(RECORDS FOR THE TASK Opens)

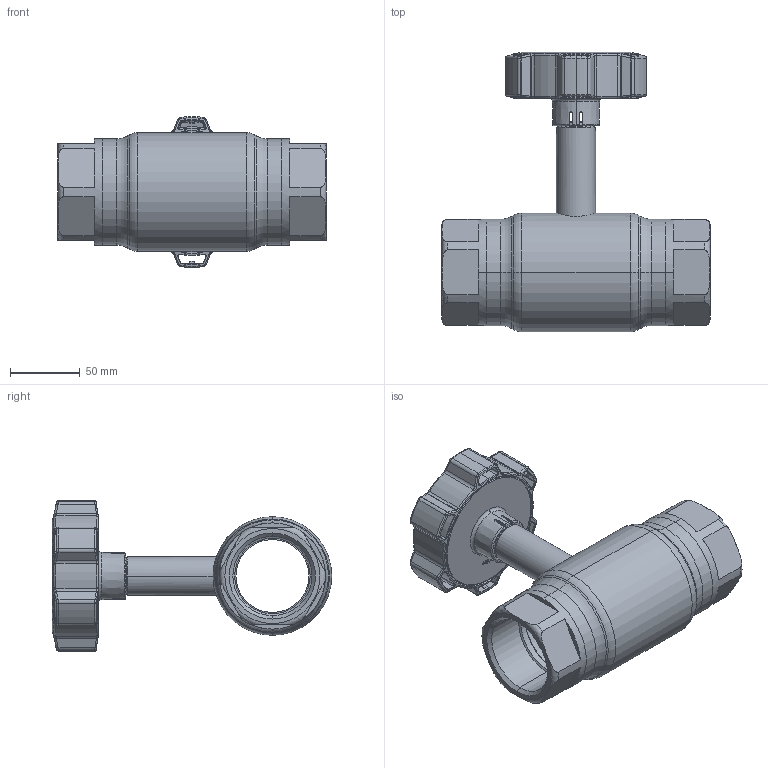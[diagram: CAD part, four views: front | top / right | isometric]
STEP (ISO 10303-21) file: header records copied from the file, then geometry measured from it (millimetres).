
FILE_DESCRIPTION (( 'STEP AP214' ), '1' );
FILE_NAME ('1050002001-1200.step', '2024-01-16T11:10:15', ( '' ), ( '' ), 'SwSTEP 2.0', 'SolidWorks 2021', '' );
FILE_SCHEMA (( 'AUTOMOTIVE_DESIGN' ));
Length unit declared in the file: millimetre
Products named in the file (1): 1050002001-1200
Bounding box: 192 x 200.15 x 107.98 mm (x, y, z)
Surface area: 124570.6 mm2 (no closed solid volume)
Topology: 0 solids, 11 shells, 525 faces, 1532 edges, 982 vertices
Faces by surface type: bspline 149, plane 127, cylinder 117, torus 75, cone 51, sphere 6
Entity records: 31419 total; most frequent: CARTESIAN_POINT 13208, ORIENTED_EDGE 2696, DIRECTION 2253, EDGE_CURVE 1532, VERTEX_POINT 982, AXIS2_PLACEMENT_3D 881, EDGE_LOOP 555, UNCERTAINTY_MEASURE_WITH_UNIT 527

(RECORDS FOR THE TASK Closes)

| WORK TASK |
Could you retype all the entries exactly, skipping the pictures?

| ANSWER FOR THIS EXERCISE |
[diagram: CAD part, four views: front | top / right | isometric]
STEP (ISO 10303-21) file: header records copied from the file, then geometry measured from it (millimetres).
FILE_DESCRIPTION (( 'STEP AP214' ), '1' );
FILE_NAME ('1050002001-1200.step', '2024-01-16T11:10:15', ( '' ), ( '' ), 'SwSTEP 2.0', 'SolidWorks 2021', '' );
FILE_SCHEMA (( 'AUTOMOTIVE_DESIGN' ));
Length unit declared in the file: millimetre
Products named in the file (1): 1050002001-1200
Bounding box: 192 x 200.15 x 107.98 mm (x, y, z)
Surface area: 124570.6 mm2 (no closed solid volume)
Topology: 0 solids, 11 shells, 525 faces, 1532 edges, 982 vertices
Faces by surface type: bspline 149, plane 127, cylinder 117, torus 75, cone 51, sphere 6
Entity records: 31419 total; most frequent: CARTESIAN_POINT 13208, ORIENTED_EDGE 2696, DIRECTION 2253, EDGE_CURVE 1532, VERTEX_POINT 982, AXIS2_PLACEMENT_3D 881, EDGE_LOOP 555, UNCERTAINTY_MEASURE_WITH_UNIT 527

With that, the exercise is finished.